## Problem requirements:
The lines below, beginning at the one that contains "land cover: Oats" and ending at the last, are to be retyped exactly.
◆ ◆ ◆
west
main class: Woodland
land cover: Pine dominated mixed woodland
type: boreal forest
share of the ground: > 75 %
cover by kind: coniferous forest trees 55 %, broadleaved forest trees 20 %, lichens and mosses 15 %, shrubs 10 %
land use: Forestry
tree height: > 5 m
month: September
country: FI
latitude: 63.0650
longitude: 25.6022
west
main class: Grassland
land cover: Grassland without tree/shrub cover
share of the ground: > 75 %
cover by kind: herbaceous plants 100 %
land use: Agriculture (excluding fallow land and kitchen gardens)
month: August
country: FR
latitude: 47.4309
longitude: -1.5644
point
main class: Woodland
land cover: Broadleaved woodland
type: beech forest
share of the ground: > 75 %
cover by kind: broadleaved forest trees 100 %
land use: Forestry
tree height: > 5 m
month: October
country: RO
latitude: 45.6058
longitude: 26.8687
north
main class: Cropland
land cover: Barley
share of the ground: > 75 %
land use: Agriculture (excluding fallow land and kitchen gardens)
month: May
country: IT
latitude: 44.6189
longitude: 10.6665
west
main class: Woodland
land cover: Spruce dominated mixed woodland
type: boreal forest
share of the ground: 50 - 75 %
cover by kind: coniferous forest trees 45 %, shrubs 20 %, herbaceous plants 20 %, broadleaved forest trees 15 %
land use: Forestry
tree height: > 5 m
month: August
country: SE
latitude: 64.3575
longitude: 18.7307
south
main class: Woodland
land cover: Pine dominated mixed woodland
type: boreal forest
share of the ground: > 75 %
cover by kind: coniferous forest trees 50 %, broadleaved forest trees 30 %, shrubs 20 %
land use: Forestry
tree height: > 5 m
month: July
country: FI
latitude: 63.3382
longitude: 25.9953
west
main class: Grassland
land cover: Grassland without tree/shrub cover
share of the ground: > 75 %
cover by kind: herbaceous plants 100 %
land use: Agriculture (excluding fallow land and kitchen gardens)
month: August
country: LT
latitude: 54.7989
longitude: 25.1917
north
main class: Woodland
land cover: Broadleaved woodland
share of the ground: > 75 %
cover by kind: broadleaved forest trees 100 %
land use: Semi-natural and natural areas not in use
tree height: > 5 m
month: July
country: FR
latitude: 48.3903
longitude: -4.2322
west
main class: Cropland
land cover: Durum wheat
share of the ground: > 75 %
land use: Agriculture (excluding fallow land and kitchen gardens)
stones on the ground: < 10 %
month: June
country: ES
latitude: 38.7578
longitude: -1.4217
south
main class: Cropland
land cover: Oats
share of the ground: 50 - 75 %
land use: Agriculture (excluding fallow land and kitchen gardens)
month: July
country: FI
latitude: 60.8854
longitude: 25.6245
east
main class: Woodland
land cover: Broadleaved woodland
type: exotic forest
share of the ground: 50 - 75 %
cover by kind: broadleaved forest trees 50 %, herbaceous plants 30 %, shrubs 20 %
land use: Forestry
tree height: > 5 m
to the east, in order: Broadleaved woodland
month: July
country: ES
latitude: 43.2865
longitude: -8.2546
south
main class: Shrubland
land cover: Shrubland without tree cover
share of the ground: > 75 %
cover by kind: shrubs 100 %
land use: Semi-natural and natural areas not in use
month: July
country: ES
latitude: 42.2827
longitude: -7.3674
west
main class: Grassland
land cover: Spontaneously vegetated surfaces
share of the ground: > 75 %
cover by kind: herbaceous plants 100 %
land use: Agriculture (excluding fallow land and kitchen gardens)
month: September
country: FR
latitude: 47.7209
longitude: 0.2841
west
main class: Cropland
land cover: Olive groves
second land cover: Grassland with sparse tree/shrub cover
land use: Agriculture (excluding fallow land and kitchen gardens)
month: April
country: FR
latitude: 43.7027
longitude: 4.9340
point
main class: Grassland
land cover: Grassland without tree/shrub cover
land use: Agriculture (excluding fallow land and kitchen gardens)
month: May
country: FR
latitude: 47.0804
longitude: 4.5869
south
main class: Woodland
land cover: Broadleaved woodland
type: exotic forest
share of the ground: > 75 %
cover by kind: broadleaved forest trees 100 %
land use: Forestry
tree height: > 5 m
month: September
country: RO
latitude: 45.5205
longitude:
◆ ◆ ◆
## Problem solution:
land cover: Oats
share of the ground: 50 - 75 %
land use: Agriculture (excluding fallow land and kitchen gardens)
month: July
country: FI
latitude: 60.8854
longitude: 25.6245
east
main class: Woodland
land cover: Broadleaved woodland
type: exotic forest
share of the ground: 50 - 75 %
cover by kind: broadleaved forest trees 50 %, herbaceous plants 30 %, shrubs 20 %
land use: Forestry
tree height: > 5 m
to the east, in order: Broadleaved woodland
month: July
country: ES
latitude: 43.2865
longitude: -8.2546
south
main class: Shrubland
land cover: Shrubland without tree cover
share of the ground: > 75 %
cover by kind: shrubs 100 %
land use: Semi-natural and natural areas not in use
month: July
country: ES
latitude: 42.2827
longitude: -7.3674
west
main class: Grassland
land cover: Spontaneously vegetated surfaces
share of the ground: > 75 %
cover by kind: herbaceous plants 100 %
land use: Agriculture (excluding fallow land and kitchen gardens)
month: September
country: FR
latitude: 47.7209
longitude: 0.2841
west
main class: Cropland
land cover: Olive groves
second land cover: Grassland with sparse tree/shrub cover
land use: Agriculture (excluding fallow land and kitchen gardens)
month: April
country: FR
latitude: 43.7027
longitude: 4.9340
point
main class: Grassland
land cover: Grassland without tree/shrub cover
land use: Agriculture (excluding fallow land and kitchen gardens)
month: May
country: FR
latitude: 47.0804
longitude: 4.5869
south
main class: Woodland
land cover: Broadleaved woodland
type: exotic forest
share of the ground: > 75 %
cover by kind: broadleaved forest trees 100 %
land use: Forestry
tree height: > 5 m
month: September
country: RO
latitude: 45.5205
longitude:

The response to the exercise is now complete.